Stage I: The Substrate

"Code is not magic. It is a precise negotiation with the compiler about what is true."

1. The Ontology of Types (Type Theory)

Before writing a single line of def, we must understand what data is. In Python, we say "Everything is an Object." This is not a metaphor. It is a memory layout strategy.

The PyObject Struct

Every variable in Python is a pointer to a C struct called PyObject. It contains:

  1. ob_refcnt: Reference Count (For Garbage Collection)
  2. ob_type: Pointer to the Type Object (Class)
  3. ob_value: The actual data (for primitives)

When you write x = 5, you are not putting the number 5 into a box labeled x. You are creating a PyObject for the integer 5 on the Heap, and pointing the name x (on the Stack frame) to it.

Strong vs. Weak Typing

  • Strong: Types are strictly enforced. 5 + "5" raises a TypeError. Python is Strong.
  • Dynamic: Type checking happens at runtime. x can point to an Int, then a String.

Deep Implication: Every addition a + b in Python triggers a lookup dispatch. a.__add__(b). This is why Python is slower than C++, but infinitely more flexible.

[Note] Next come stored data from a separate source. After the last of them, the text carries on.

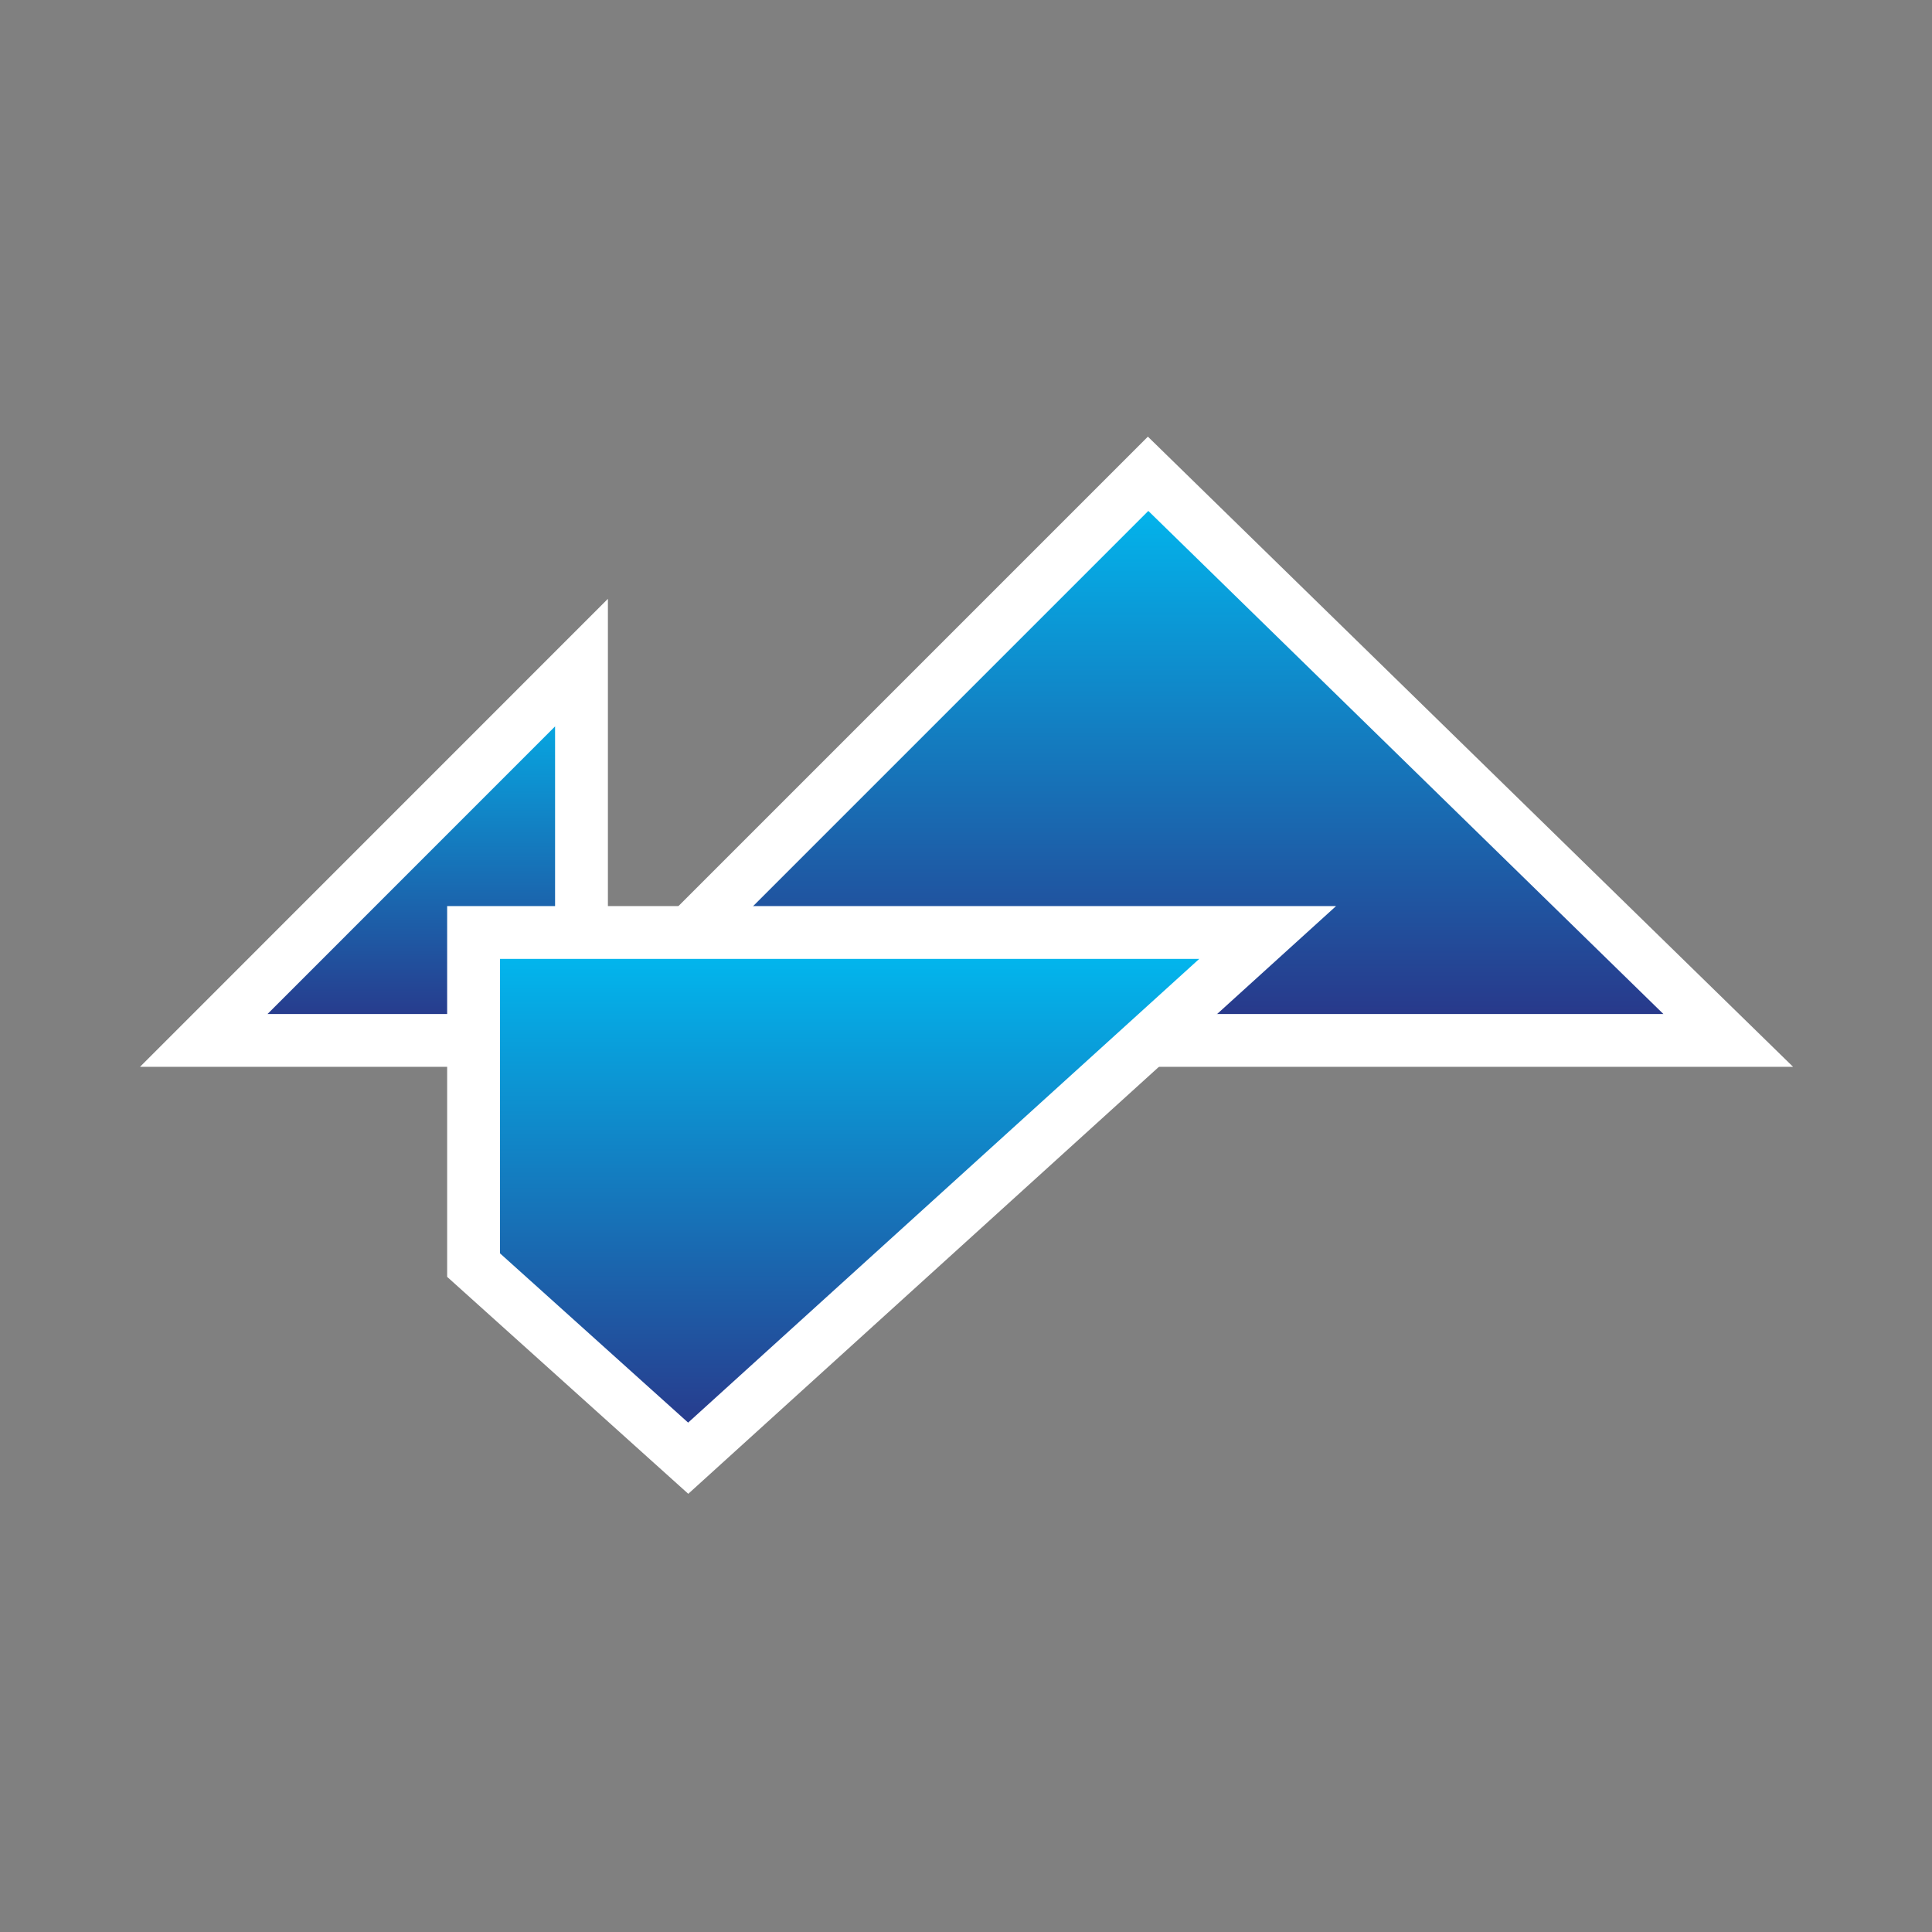 <?xml version="1.0" encoding="UTF-8"?>
<svg xmlns="http://www.w3.org/2000/svg" version="1.1" xmlns:xlink="http://www.w3.org/1999/xlink" viewBox="0 0 256 256">
  <rect x="0" y="0" width="256" height="256" fill="#808080" stroke="none"/>
  <defs>
    <style>
      .cls-1 {
        fill: #ea6a6a;
        stroke: #47172f;
      }

      .cls-1, .cls-2, .cls-3, .cls-4, .cls-5, .cls-6, .cls-7, .cls-8, .cls-9 {
        stroke-miterlimit: 10;
      }

      .cls-1, .cls-2, .cls-4, .cls-5, .cls-6, .cls-8 {
        stroke-width: 5px;
      }

      .cls-2 {
        stroke: #e89952;
      }

      .cls-2, .cls-6 {
        fill: #fff;
      }

      .cls-3 {
        fill: url(#linear-gradient);
      }

      .cls-3, .cls-5, .cls-7, .cls-9 {
        stroke: #fff;
      }

      .cls-3, .cls-7, .cls-9 {
        stroke-width: 7px;
      }

      .cls-4 {
        fill: #c369ed;
        stroke: #37013a;
      }

      .cls-10, .cls-11 {
        fill: #0d0d0d;
      }

      .cls-10, .cls-12, .cls-13 {
        display: none;
      }

      .cls-6 {
        stroke: #000;
      }

      .cls-7 {
        fill: url(#linear-gradient-2);
      }

      .cls-8 {
        fill: #6b92e8;
        stroke: #1e3e47;
      }

      .cls-9 {
        fill: url(#linear-gradient-3);
      }

      .cls-13 {
        fill: #2b2b2b;
      }
    </style>
    <linearGradient id="linear-gradient" x1="52.02" y1="87.81" x2="52.02" y2="137.86" gradientTransform="translate(0 0)" gradientUnits="userSpaceOnUse">
      <stop offset="0" stop-color="#00bcf2"/>
      <stop offset="1" stop-color="#2a3386"/>
    </linearGradient>
    <linearGradient id="linear-gradient-2" x1="153.02" y1="62.78" x2="153.02" y2="137.86" xlink:href="#linear-gradient"/>
    <linearGradient id="linear-gradient-3" x1="115.35" y1="123.56" x2="115.35" y2="193.23" xlink:href="#linear-gradient"/>
  </defs>
  <!-- Generator: Adobe Illustrator 28.7.1, SVG Export Plug-In . SVG Version: 1.2.0 Build 142)  -->
  <g>
    <g id="Background" class="cls-12">
      <rect id="Grey" class="cls-13" x="-11.88" y="-14.87" width="279" height="279"/>
      <rect id="Black" class="cls-10" x="-11.88" y="-14.87" width="279" height="279"/>
      <rect id="Black-2" data-name="Black" class="cls-11" x="-11.88" y="-14.87" width="279" height="279"/>
    </g>
    <g id="Logo">
      <g id="NeonWhite" class="cls-12">
        <polygon class="cls-5" points="136.92 174.13 91.6 174.13 136.92 219.46 136.92 174.13"/>
        <polygon class="cls-5" points="136.92 36.54 68.94 106.15 136.92 174.13 136.92 36.54"/>
        <polygon class="cls-5" points="187.06 161.33 123.98 91.81 123.98 187.08 163.89 187.08 187.06 161.33"/>
      </g>
      <g id="Neonblue" class="cls-12">
        <polygon class="cls-8" points="136.92 174.13 91.6 174.13 136.92 219.46 136.92 174.13"/>
        <polygon class="cls-8" points="136.92 36.54 68.94 106.15 136.92 174.13 136.92 36.54"/>
        <polygon class="cls-8" points="187.06 161.33 123.98 91.81 123.98 187.08 163.89 187.08 187.06 161.33"/>
      </g>
      <g id="NeonRed" class="cls-12">
        <polygon class="cls-1" points="136.92 174.13 91.6 174.13 136.92 219.46 136.92 174.13"/>
        <polygon class="cls-1" points="136.92 36.54 68.94 106.15 136.92 174.13 136.92 36.54"/>
        <polygon class="cls-1" points="187.06 161.33 123.98 91.81 123.98 187.08 163.89 187.08 187.06 161.33"/>
      </g>
      <g id="NeonPurple" class="cls-12">
        <polygon class="cls-4" points="136.92 174.13 91.6 174.13 136.92 219.46 136.92 174.13"/>
        <polygon class="cls-4" points="136.92 36.54 68.94 106.15 136.92 174.13 136.92 36.54"/>
        <polygon class="cls-4" points="187.06 161.33 123.98 91.81 123.98 187.08 163.89 187.08 187.06 161.33"/>
      </g>
      <g id="WhiteBlackLogo" class="cls-12">
        <polygon class="cls-6" points="136.92 174.13 91.6 174.13 136.92 219.46 136.92 174.13"/>
        <polygon class="cls-6" points="136.92 36.54 68.94 106.15 136.92 174.13 136.92 36.54"/>
        <polygon class="cls-6" points="187.06 161.33 123.98 91.81 123.98 187.08 163.89 187.08 187.06 161.33"/>
      </g>
      <g id="LogoMain" class="cls-12">
        <polygon class="cls-2" points="81.87 136.92 81.87 91.6 36.54 136.92 81.87 136.92"/>
        <polygon class="cls-2" points="219.46 136.92 149.85 68.94 81.87 136.92 219.46 136.92"/>
        <polygon class="cls-2" points="94.67 187.06 164.19 123.98 68.92 123.98 68.92 163.89 94.67 187.06"/>
      </g>
      <g id="LogoMain-2" data-name="LogoMain" class="cls-12">
        <polygon class="cls-2" points="81.87 136.92 81.87 91.6 36.54 136.92 81.87 136.92"/>
        <polygon class="cls-2" points="219.46 136.92 149.85 68.94 81.87 136.92 219.46 136.92"/>
        <polygon class="cls-2" points="94.67 187.06 164.19 123.98 68.92 123.98 68.92 163.89 94.67 187.06"/>
      </g>
      <g id="NeonWhite-2" data-name="NeonWhite">
        <polygon class="cls-3" points="77.05 137.86 77.05 87.8 27 137.86 77.05 137.86"/>
        <polygon class="cls-7" points="229 137.86 152.13 62.78 77.05 137.86 229 137.86"/>
        <polygon class="cls-9" points="91.19 193.22 167.97 123.56 62.75 123.56 62.75 167.63 91.19 193.22"/>
      </g>
    </g>
  </g>
</svg>

2. Scope Resolution: The LEGB Rule

Where does a name live? When you type print(x), how does Python find x? It follows the LEGB Law of Physics:

  1. L (Local): Inside the current function.
  2. E (Enclosing): Inside the parent function (Closures).
  3. G (Global): At the module level.
  4. B (Built-in): The deepest layer (e.g., len, str).

The Closure (Capturing Context)

A closure is a function that remembers the environment in which it was created. This is the seed of State Preservation without Classes.

def make_counter():
count = 0 # <--- This variable generally dies when make_counter returns

def increment():
nonlocal count # <--- Puncturing the scope barrier
count += 1
return count

return increment # <--- We return the function AND its environment

# The 'count' variable is kept alive by the closure, defying the stack frame pop.

This is crucial for Callbacks in ROS 2.


3. The CPython Virtual Machine

Python code is not executed by the CPU. It is executed by a software CPU called the Virtual Machine.

  1. Source (.py)
  2. Compiler: Translates to Bytecode (.pyc)
  3. PVM (Python Virtual Machine): A giant switch/case statement in C that runs the bytecode.

Disassembling Reality

We can see the matrix using the dis module.

import dis

def add(a, b):
return a + b

dis.dis(add)

Output (The Truth):

  2           0 LOAD_FAST                0 (a)
2 LOAD_FAST 1 (b)
4 BINARY_ADD
6 RETURN_VALUE
  • LOAD_FAST: Push variable onto the value stack.
  • BINARY_ADD: Pop two, add, push result.

Understanding this stack-based machine is essential for optimizing critical loops in robot perception.


Deep FAQ

Q: Why are Python lists so memory hungry? A: A Python list is not a contiguous array of data (like C int[]). It is a contiguous array of pointers to PyObjects scattered across the Heap. This causes cache misses and overhead. This is why we use NumPy—it brings C-style contiguous memory arrays back to Python.

Q: What is a Metaclass? A: If an Object is an instance of a Class, what is a Class an instance of? A Metaclass. Only use this if you are writing frameworks (like rclpy). It allows you to intercept the creation of types themselves.